===== Input for this task =====

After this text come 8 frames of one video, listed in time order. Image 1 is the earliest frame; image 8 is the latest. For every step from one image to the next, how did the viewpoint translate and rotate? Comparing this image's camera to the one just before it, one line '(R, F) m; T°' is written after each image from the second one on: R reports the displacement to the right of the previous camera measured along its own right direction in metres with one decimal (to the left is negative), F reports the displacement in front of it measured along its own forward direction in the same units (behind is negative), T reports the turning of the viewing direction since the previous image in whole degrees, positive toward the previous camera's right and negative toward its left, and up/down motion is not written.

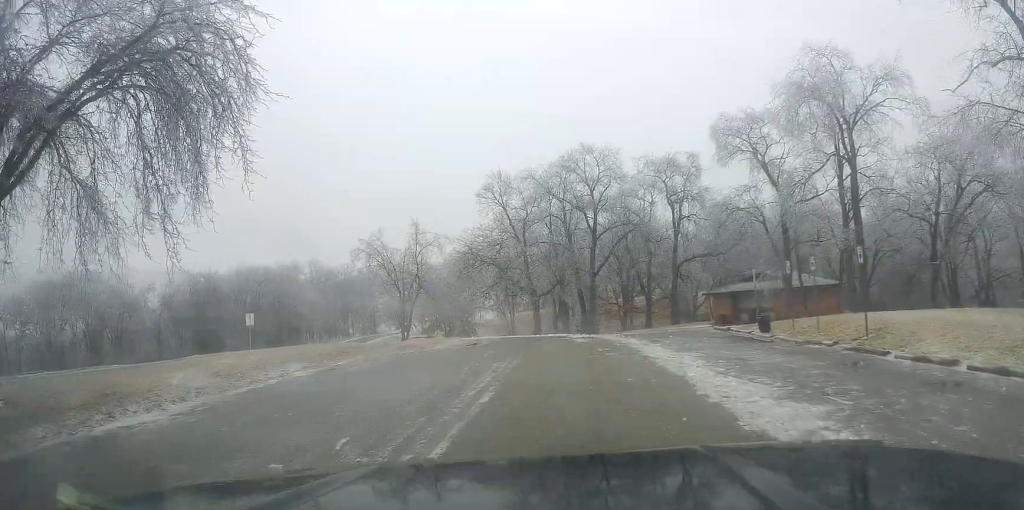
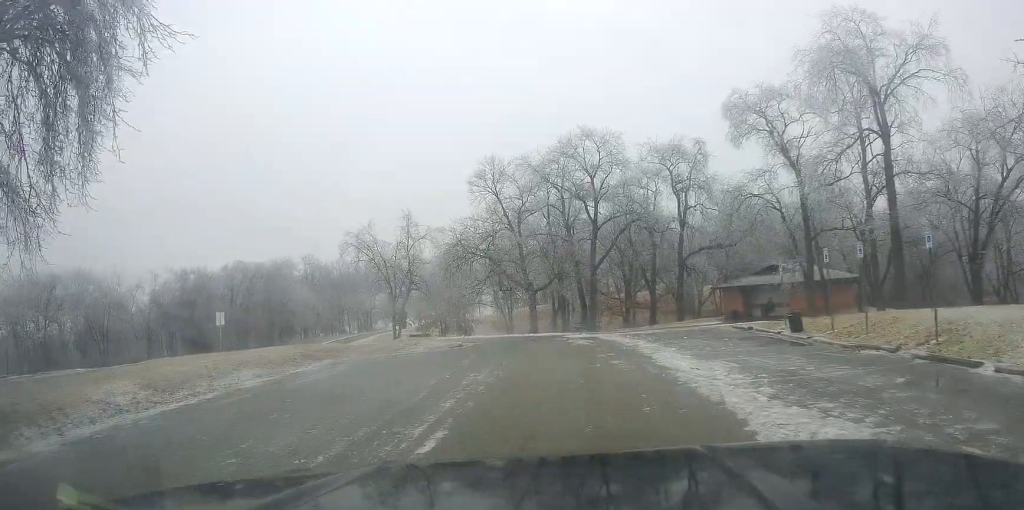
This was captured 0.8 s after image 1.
(0.0, +4.3) m; -2°
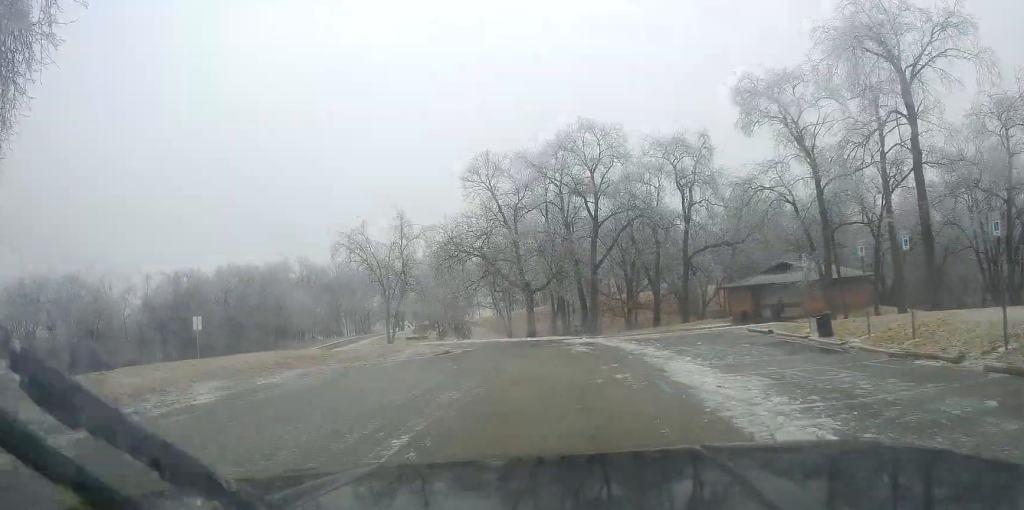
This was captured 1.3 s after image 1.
(0.0, +2.9) m; -1°
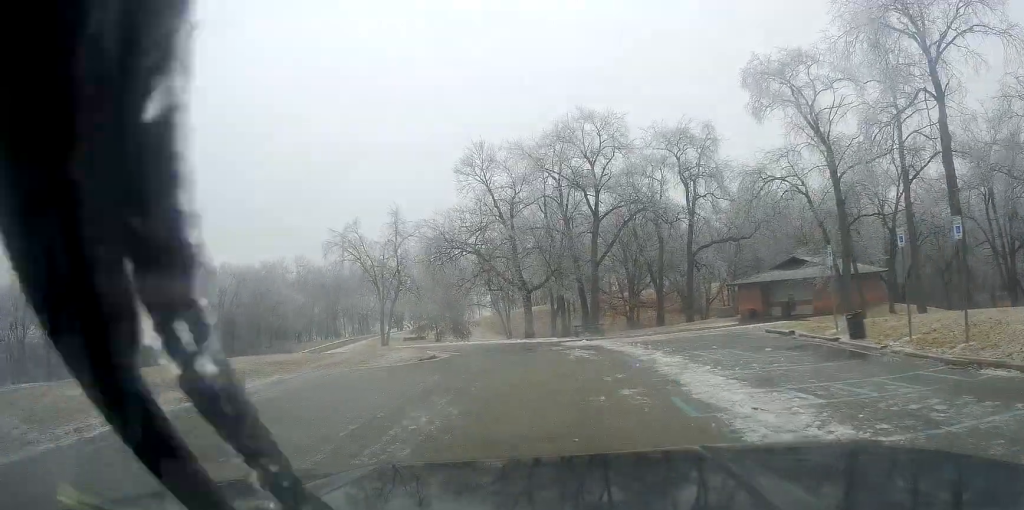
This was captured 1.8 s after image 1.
(-0.1, +2.5) m; 0°
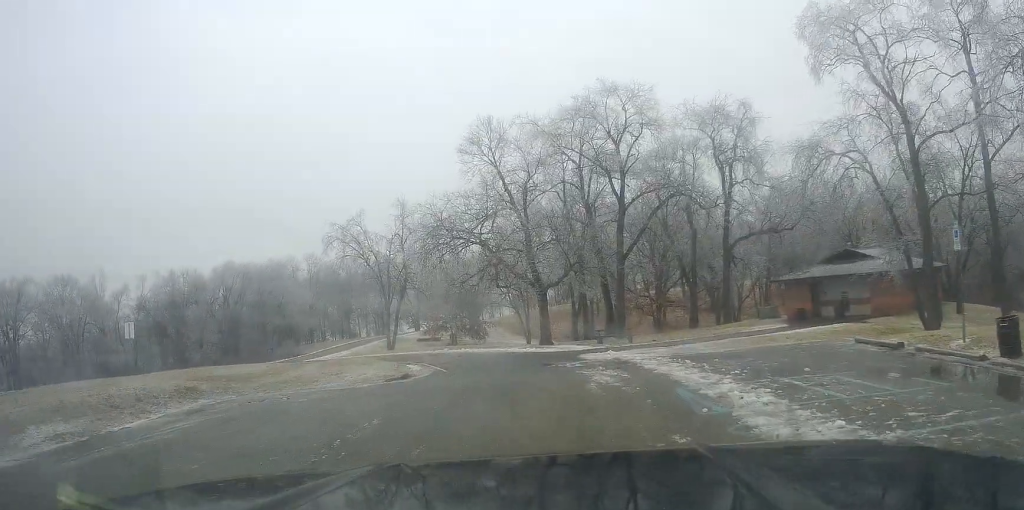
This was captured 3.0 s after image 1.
(+0.1, +6.2) m; -2°
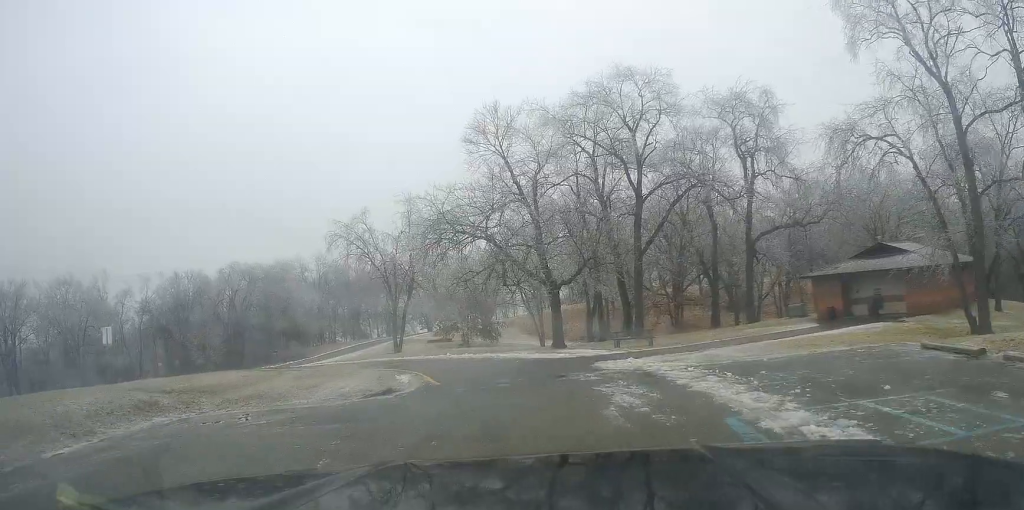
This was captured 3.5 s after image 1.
(-0.2, +2.9) m; 0°
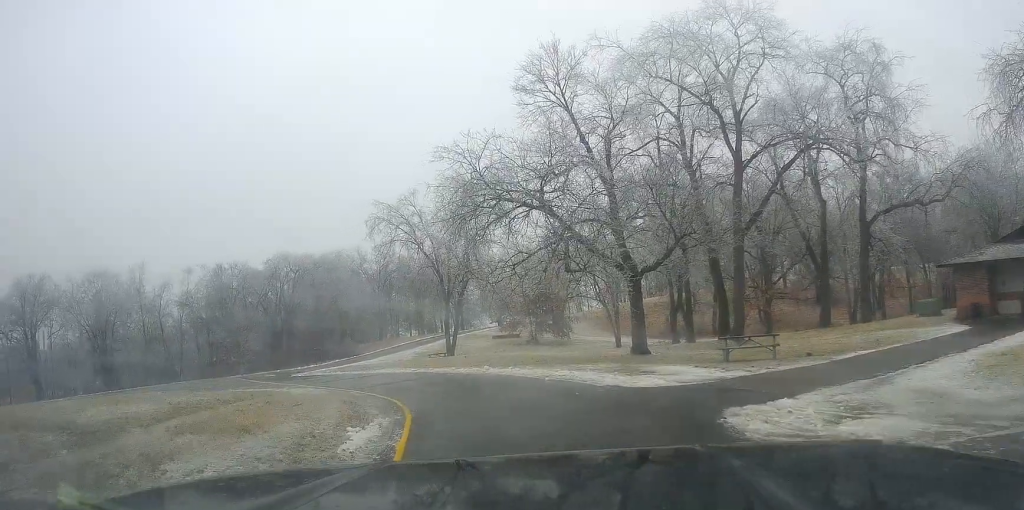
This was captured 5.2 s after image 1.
(+0.1, +8.7) m; -3°
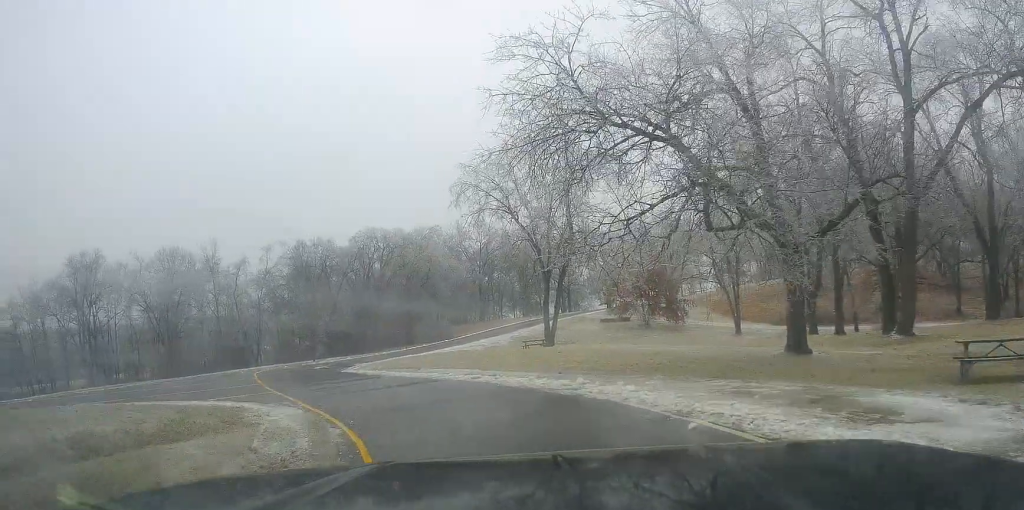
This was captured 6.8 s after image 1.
(-1.4, +8.1) m; -15°

=====

• _Instructions for the task_:
Would you repeat each line of the listing exactly, skipping any picture?

• _Exercise response_:
After this text come 8 frames of one video, listed in time order. Image 1 is the earliest frame; image 8 is the latest. For every step from one image to the next, how did the viewpoint translate and rotate? Comparing this image's camera to the one just before it, one line '(R, F) m; T°' is written after each image from the second one on: R reports the displacement to the right of the previous camera measured along its own right direction in metres with one decimal (to the left is negative), F reports the displacement in front of it measured along its own forward direction in the same units (behind is negative), T reports the turning of the viewing direction since the previous image in whole degrees, positive toward the previous camera's right and negative toward its left, and up/down motion is not written.

This was captured 0.8 s after image 1.
(0.0, +4.3) m; -2°
This was captured 1.3 s after image 1.
(0.0, +2.9) m; -1°
This was captured 1.8 s after image 1.
(-0.1, +2.5) m; 0°
This was captured 3.0 s after image 1.
(+0.1, +6.2) m; -2°
This was captured 3.5 s after image 1.
(-0.2, +2.9) m; 0°
This was captured 5.2 s after image 1.
(+0.1, +8.7) m; -3°
This was captured 6.8 s after image 1.
(-1.4, +8.1) m; -15°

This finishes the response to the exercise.